Note: This is not for unit testing or integration testing. This is for when the application is running.
I am working on a system which communicates to multiple back end systems, which can be grouped into three types
Relational database
SOAP or WCF service
File system (network share)
Due to the environment this will run in, there are no guarantees that any of those will be available at run time. In fact some of them seem pretty brittle and go down multiple times a day :(
The thinking is to have a small bit of test code which runs before the actual code. If there is a problem then persist the request and poll until the target system until it is available. Tests could possibly be rerun within the code to check it is still available at logical points. The ultimate goal is to have a very stable system, regardless of the stability (or lack thereof) of the systems it communicates to.
My questions around this design are:
Are there major issues with it? (small things like the fact it may fail between the test completing and the code running are understandable)
Are there better ways to implement this sort of design?
Would using traditional exception handling and/or transactions be better?
Updates
The system needs to talk to the back end systems in a coordinated way.
The system is very async in nature so using things like queuing technologies is fine.
The system must run even if one or more backend systems are down as others may be up and processing of some information is possible.
You will be needing that traditional exception handling no matter what, since as you point out there's always the chance that things'll fail between your last check and the actual request. So I really think any solution you find should try to interact smoothly with this.

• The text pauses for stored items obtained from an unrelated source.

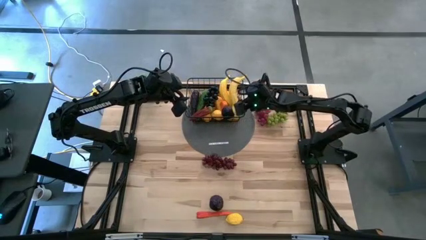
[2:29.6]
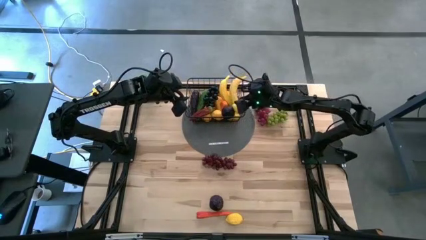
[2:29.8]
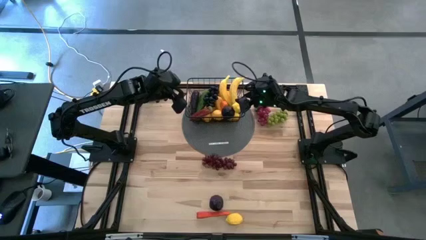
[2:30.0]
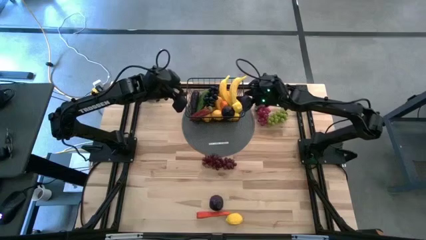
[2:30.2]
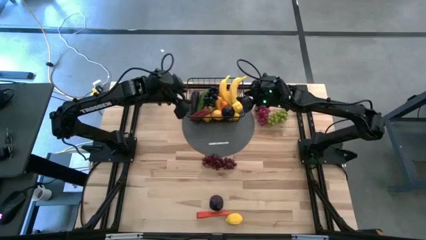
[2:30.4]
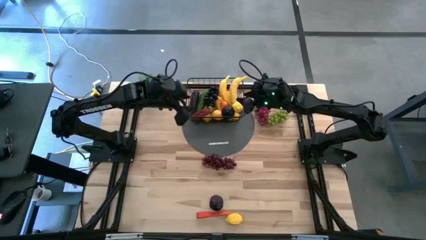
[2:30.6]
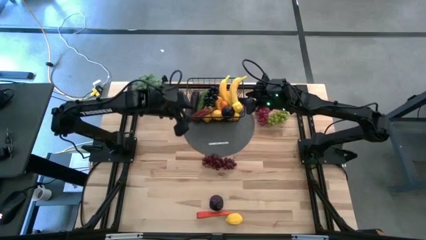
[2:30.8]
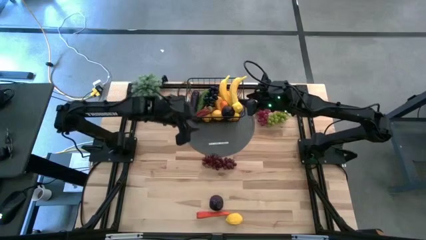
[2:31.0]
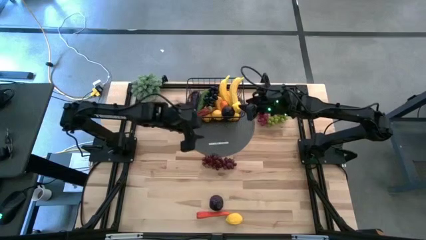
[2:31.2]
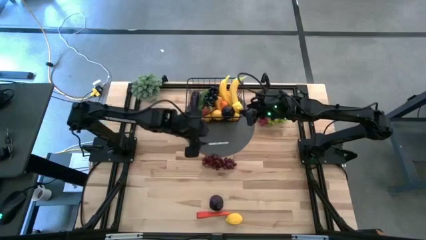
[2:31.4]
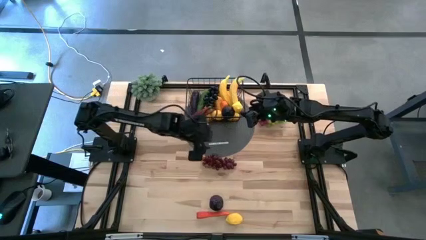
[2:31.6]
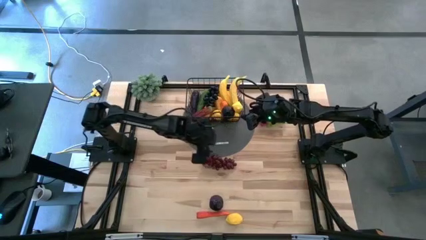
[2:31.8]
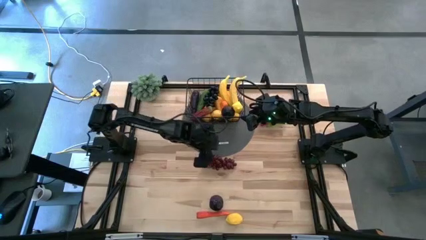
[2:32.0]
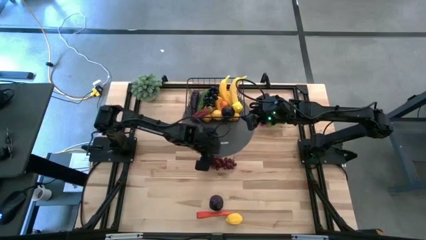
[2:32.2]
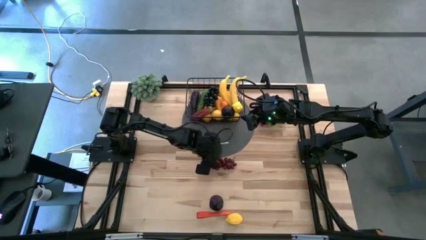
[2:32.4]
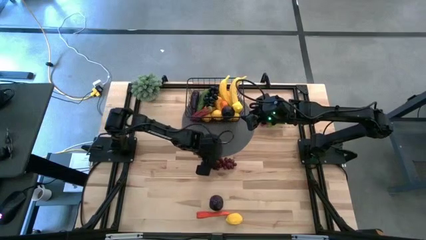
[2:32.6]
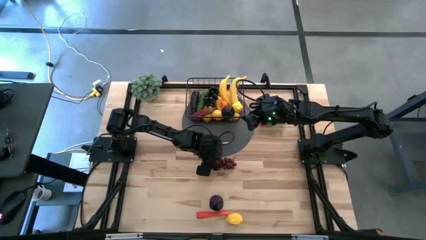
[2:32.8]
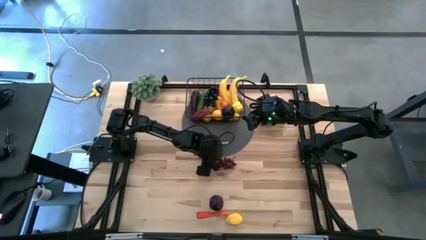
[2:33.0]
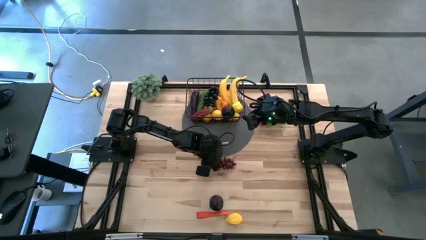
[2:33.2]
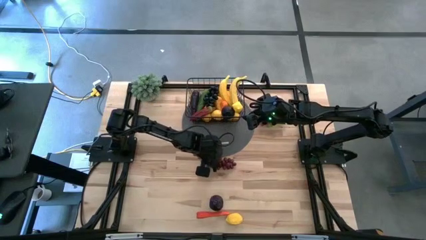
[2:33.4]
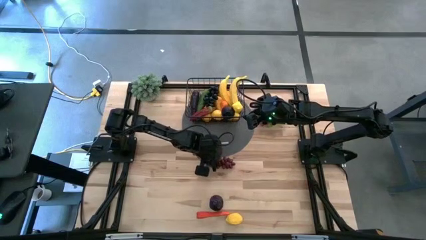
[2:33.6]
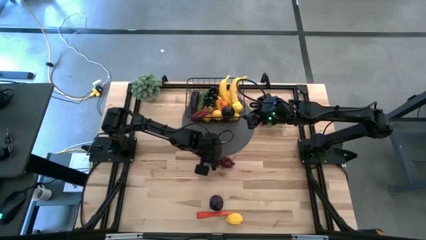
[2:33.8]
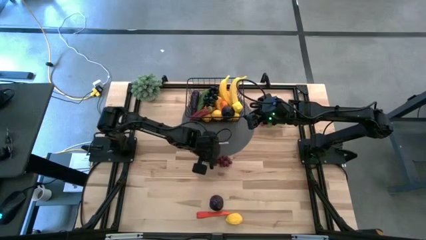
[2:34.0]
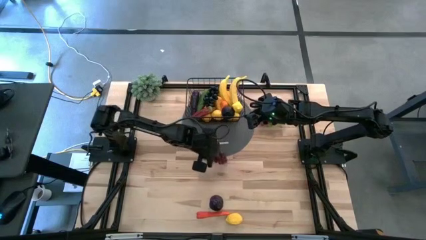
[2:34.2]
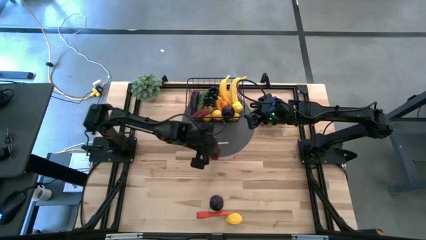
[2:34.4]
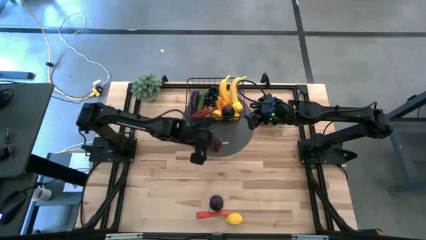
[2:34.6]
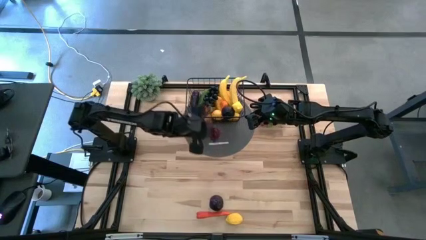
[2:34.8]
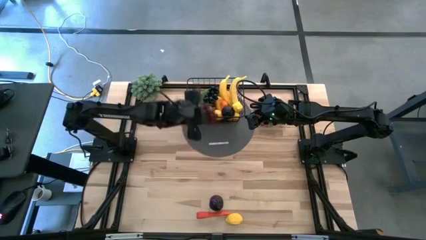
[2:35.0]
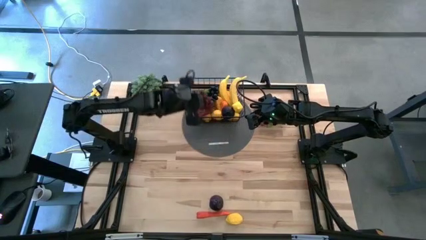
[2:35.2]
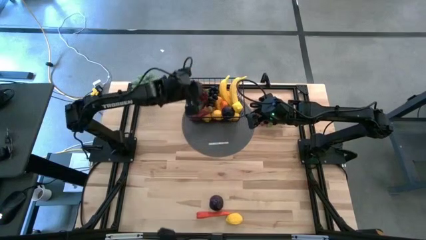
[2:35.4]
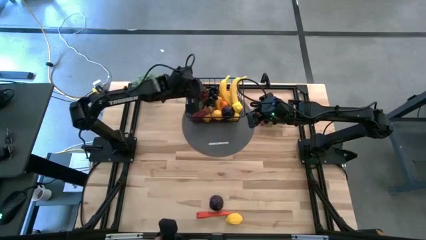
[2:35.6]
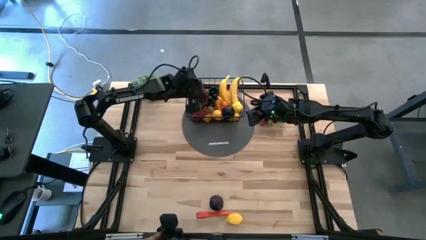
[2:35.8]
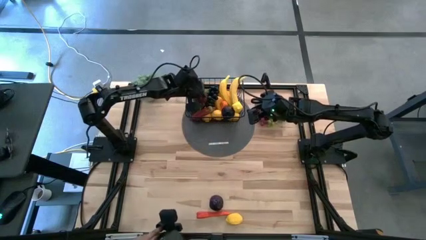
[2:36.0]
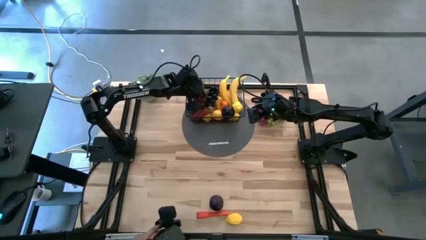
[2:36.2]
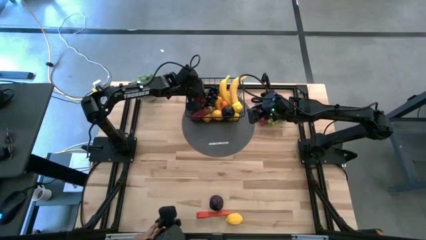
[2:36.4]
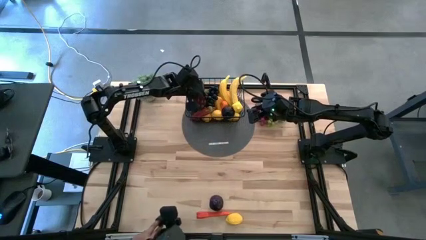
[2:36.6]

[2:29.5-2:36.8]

You are not stating if these flaky resources need to interact in some kind of coordinated manner, which would indicate that you should probably be using a transaction manager of some sort to do this. I do not believe you want to get into the footwork of transaction management in application code for most needs.
Sometimes I have also seen people use AOP to encapsulate retry logic to back-end systems that fail (for instance due to time-out issues). Used sparingly this may be a decent solution.

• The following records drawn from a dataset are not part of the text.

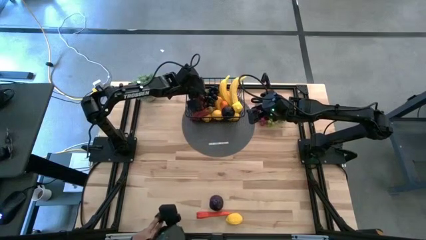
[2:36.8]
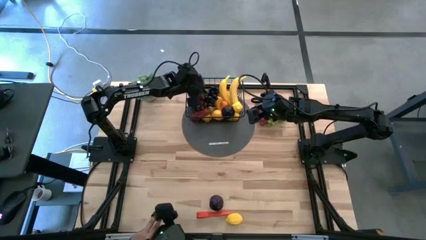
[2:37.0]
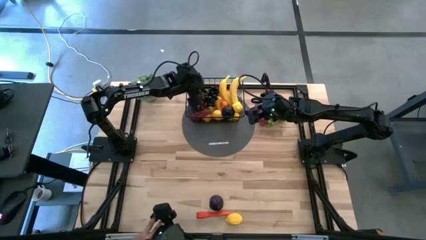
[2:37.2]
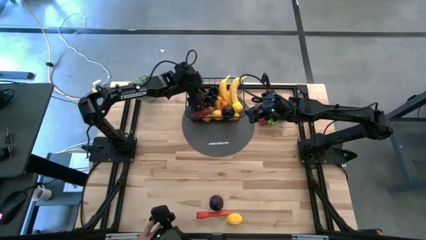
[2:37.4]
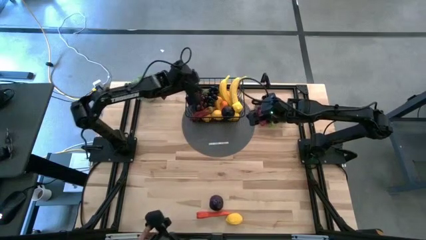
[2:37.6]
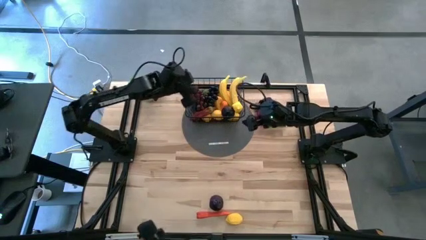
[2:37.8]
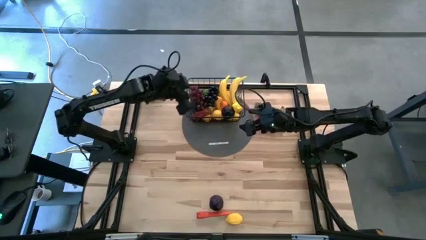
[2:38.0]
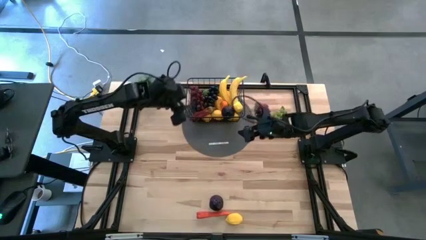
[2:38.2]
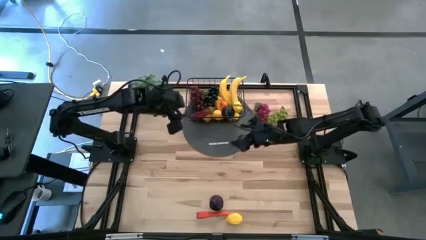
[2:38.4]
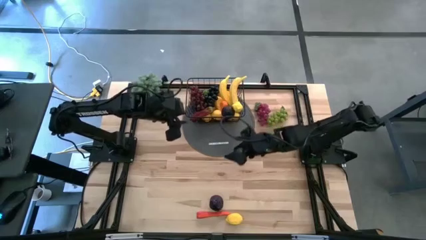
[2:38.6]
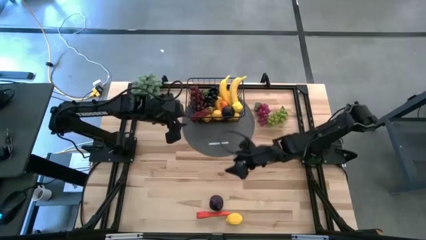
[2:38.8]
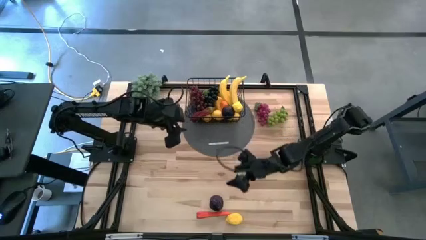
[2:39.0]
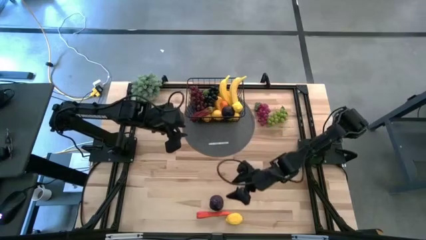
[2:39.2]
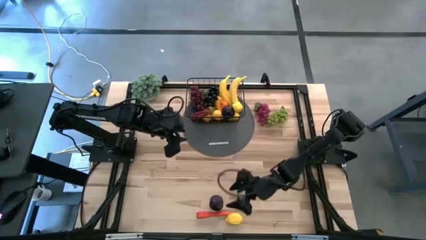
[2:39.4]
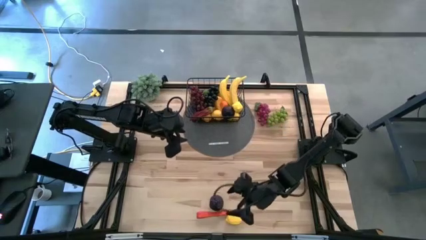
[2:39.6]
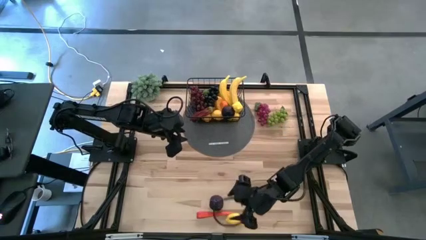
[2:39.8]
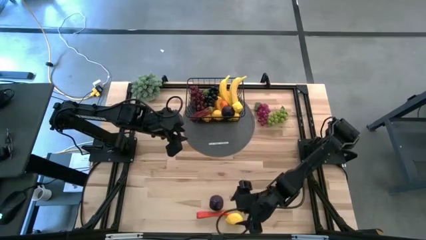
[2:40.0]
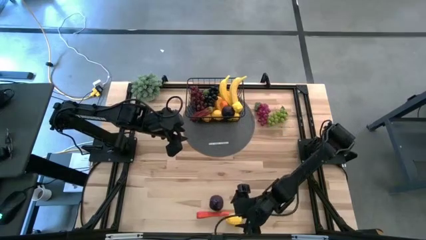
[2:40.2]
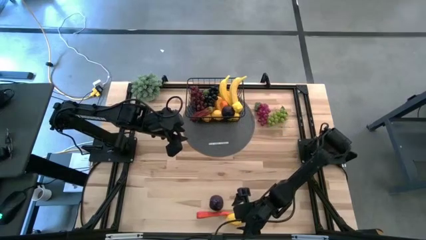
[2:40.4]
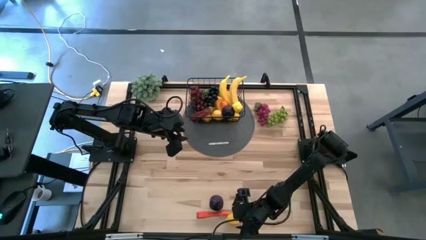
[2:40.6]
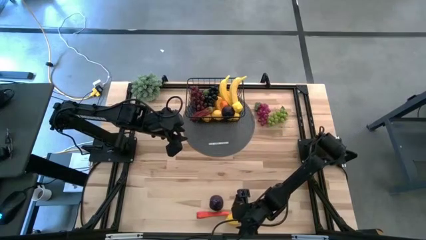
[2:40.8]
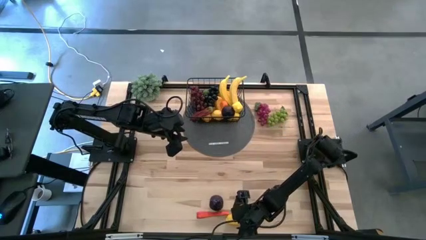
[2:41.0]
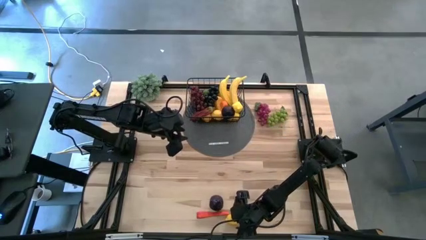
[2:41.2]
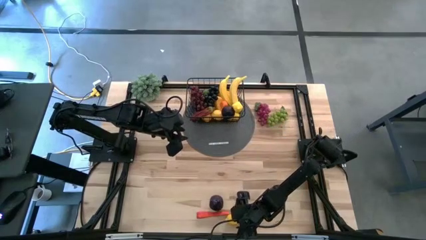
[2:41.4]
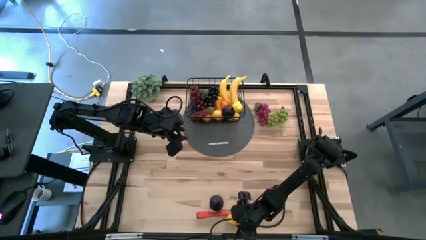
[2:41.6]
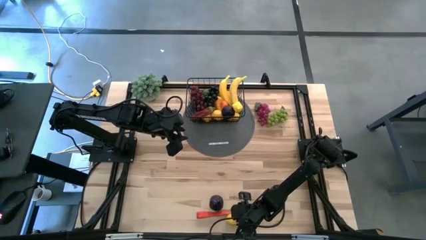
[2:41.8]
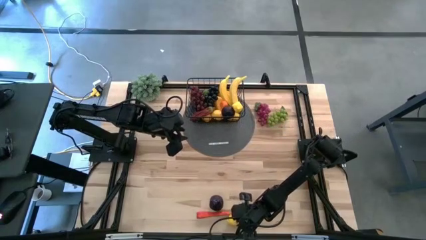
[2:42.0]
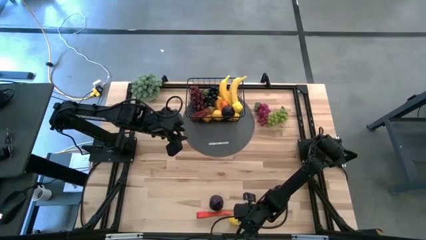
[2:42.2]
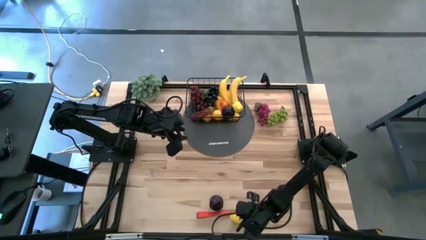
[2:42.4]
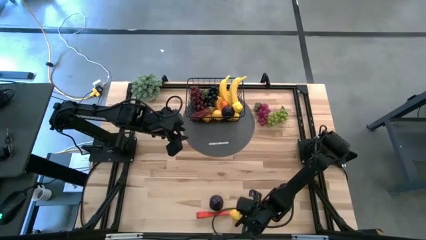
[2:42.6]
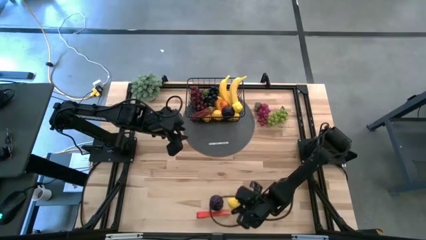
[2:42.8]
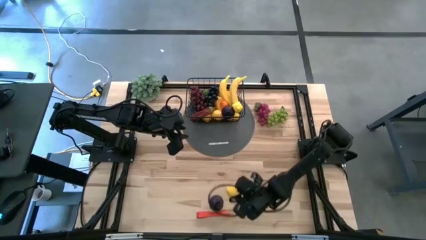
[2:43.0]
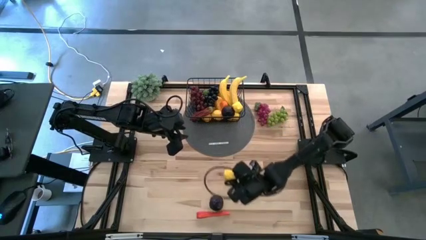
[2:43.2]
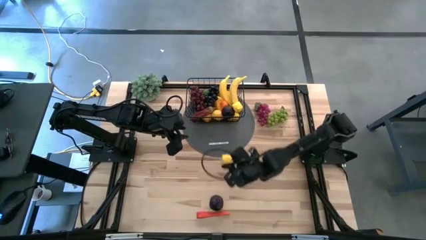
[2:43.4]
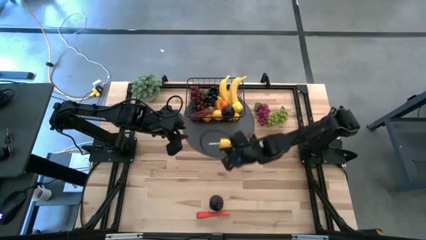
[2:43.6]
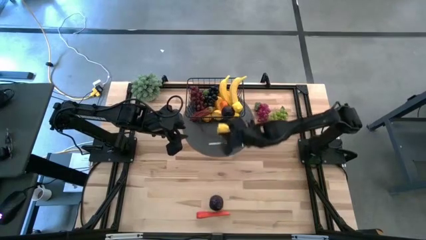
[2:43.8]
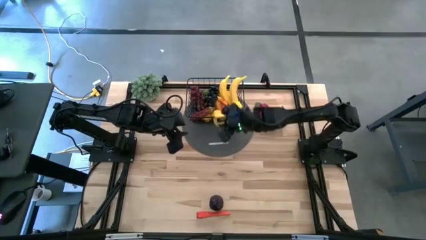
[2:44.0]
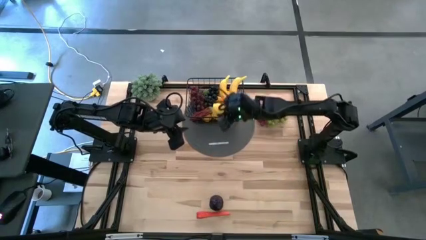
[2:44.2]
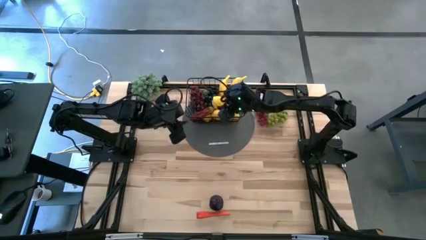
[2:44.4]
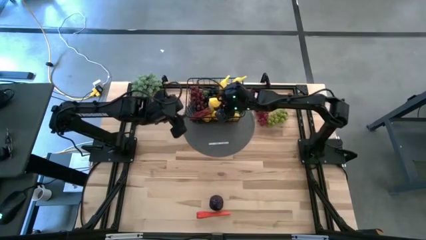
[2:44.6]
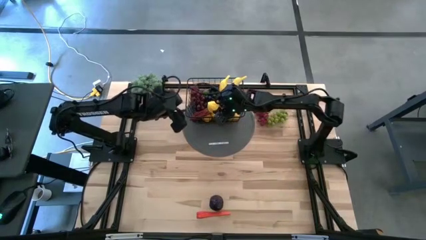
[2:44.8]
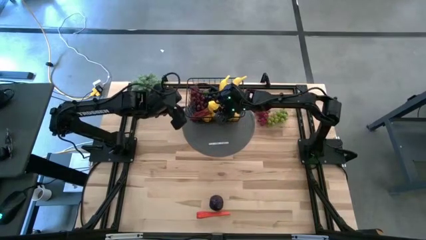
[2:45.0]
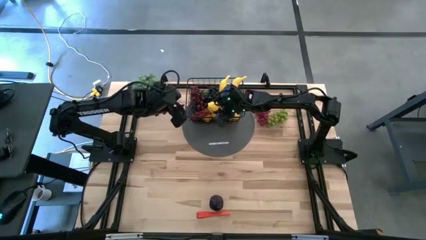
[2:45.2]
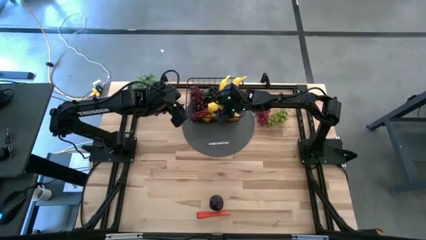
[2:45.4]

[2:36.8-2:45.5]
Put the yellow lemon into the black wire basket

In some cases you can also use message queuing technology to alleviate unstable back-ends. You could for instance commit to a message queue as part of a transaction, and only pop off the queue when successful. But this design is normally only possible when you're able to live with an asynchronous process.
And as always, real stability can only be achieved by attacking the root cause of the problem. I had a 25-year old bug fixed in a mainframe TCP/IP stack fixed because we were overrunning it, so it is possible.
The Microsoft Smartclient framework provides a ConnectionMonitor class. Should be easy to use or duplicate.
Our approach to this kind of issue was to run a really basic 'sanity tester' prior to bringing up our main application. This was thick client so we could run the test every time the app started. This sanity test would go out and check things like database availability, and external network (extranet) access, and it could have been extended to do webservices as well.
If there was a failure, the user was informed, and crucially an email was also sent to the support/dev team. These emails soon became unweildy as so many were being created, but we then setup filters, so we knew when somethings really bad was happening. Overall the approach worked pretty well, our biggest win was being able to tell users that the system was down, before they had entered data, and got part way through a long winded process. They absolutely loved it.
At a technica level the sanity was written in C#, it used exception handling in a conventional way not to find the problems it was looking for. The sanity program became a mini app in its own right, and it was standalone from the main app. If I were doing it again I'd using a logging framework to capture issues, which is more flexible then our hard coded approach.